WHAT YOU NEED TO DO:
Starting at the first line and ending at the last, repeat the material word for word.

+ + +

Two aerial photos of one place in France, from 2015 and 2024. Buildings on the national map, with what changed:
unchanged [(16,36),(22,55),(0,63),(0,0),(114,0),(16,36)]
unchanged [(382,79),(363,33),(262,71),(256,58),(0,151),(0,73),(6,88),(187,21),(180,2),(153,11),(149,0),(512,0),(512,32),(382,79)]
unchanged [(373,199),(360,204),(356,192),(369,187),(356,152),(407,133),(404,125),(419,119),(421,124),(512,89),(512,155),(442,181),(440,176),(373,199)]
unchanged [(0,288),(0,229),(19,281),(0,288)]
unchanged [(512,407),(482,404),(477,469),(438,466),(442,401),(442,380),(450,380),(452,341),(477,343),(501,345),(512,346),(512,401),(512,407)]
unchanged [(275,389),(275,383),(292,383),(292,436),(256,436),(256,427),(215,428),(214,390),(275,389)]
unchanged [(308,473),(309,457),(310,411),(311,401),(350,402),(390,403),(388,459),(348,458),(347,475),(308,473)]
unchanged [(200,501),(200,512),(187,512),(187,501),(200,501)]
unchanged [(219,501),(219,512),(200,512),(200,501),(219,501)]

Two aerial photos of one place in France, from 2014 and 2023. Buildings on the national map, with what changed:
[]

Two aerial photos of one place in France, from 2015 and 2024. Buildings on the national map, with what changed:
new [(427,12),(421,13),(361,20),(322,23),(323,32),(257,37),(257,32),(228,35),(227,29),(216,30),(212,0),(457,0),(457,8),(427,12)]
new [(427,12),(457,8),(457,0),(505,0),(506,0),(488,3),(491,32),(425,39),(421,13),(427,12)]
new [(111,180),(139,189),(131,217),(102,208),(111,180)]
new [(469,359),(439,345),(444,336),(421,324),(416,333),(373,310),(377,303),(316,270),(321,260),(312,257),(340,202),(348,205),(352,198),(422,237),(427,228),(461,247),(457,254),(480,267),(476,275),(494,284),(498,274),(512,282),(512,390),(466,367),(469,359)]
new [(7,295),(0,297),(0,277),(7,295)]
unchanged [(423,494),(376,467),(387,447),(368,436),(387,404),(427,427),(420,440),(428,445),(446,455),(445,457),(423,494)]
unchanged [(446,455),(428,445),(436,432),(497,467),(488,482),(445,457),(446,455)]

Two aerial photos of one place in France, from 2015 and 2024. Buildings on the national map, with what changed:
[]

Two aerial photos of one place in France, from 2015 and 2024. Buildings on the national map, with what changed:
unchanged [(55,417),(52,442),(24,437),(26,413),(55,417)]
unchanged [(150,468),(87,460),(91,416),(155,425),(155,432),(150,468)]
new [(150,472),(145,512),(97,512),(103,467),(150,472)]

+ + +

RESULT:
Two aerial photos of one place in France, from 2015 and 2024. Buildings on the national map, with what changed:
unchanged [(16,36),(22,55),(0,63),(0,0),(114,0),(16,36)]
unchanged [(382,79),(363,33),(262,71),(256,58),(0,151),(0,73),(6,88),(187,21),(180,2),(153,11),(149,0),(512,0),(512,32),(382,79)]
unchanged [(373,199),(360,204),(356,192),(369,187),(356,152),(407,133),(404,125),(419,119),(421,124),(512,89),(512,155),(442,181),(440,176),(373,199)]
unchanged [(0,288),(0,229),(19,281),(0,288)]
unchanged [(512,407),(482,404),(477,469),(438,466),(442,401),(442,380),(450,380),(452,341),(477,343),(501,345),(512,346),(512,401),(512,407)]
unchanged [(275,389),(275,383),(292,383),(292,436),(256,436),(256,427),(215,428),(214,390),(275,389)]
unchanged [(308,473),(309,457),(310,411),(311,401),(350,402),(390,403),(388,459),(348,458),(347,475),(308,473)]
unchanged [(200,501),(200,512),(187,512),(187,501),(200,501)]
unchanged [(219,501),(219,512),(200,512),(200,501),(219,501)]

Two aerial photos of one place in France, from 2014 and 2023. Buildings on the national map, with what changed:
[]

Two aerial photos of one place in France, from 2015 and 2024. Buildings on the national map, with what changed:
new [(427,12),(421,13),(361,20),(322,23),(323,32),(257,37),(257,32),(228,35),(227,29),(216,30),(212,0),(457,0),(457,8),(427,12)]
new [(427,12),(457,8),(457,0),(505,0),(506,0),(488,3),(491,32),(425,39),(421,13),(427,12)]
new [(111,180),(139,189),(131,217),(102,208),(111,180)]
new [(469,359),(439,345),(444,336),(421,324),(416,333),(373,310),(377,303),(316,270),(321,260),(312,257),(340,202),(348,205),(352,198),(422,237),(427,228),(461,247),(457,254),(480,267),(476,275),(494,284),(498,274),(512,282),(512,390),(466,367),(469,359)]
new [(7,295),(0,297),(0,277),(7,295)]
unchanged [(423,494),(376,467),(387,447),(368,436),(387,404),(427,427),(420,440),(428,445),(446,455),(445,457),(423,494)]
unchanged [(446,455),(428,445),(436,432),(497,467),(488,482),(445,457),(446,455)]

Two aerial photos of one place in France, from 2015 and 2024. Buildings on the national map, with what changed:
[]

Two aerial photos of one place in France, from 2015 and 2024. Buildings on the national map, with what changed:
unchanged [(55,417),(52,442),(24,437),(26,413),(55,417)]
unchanged [(150,468),(87,460),(91,416),(155,425),(155,432),(150,468)]
new [(150,472),(145,512),(97,512),(103,467),(150,472)]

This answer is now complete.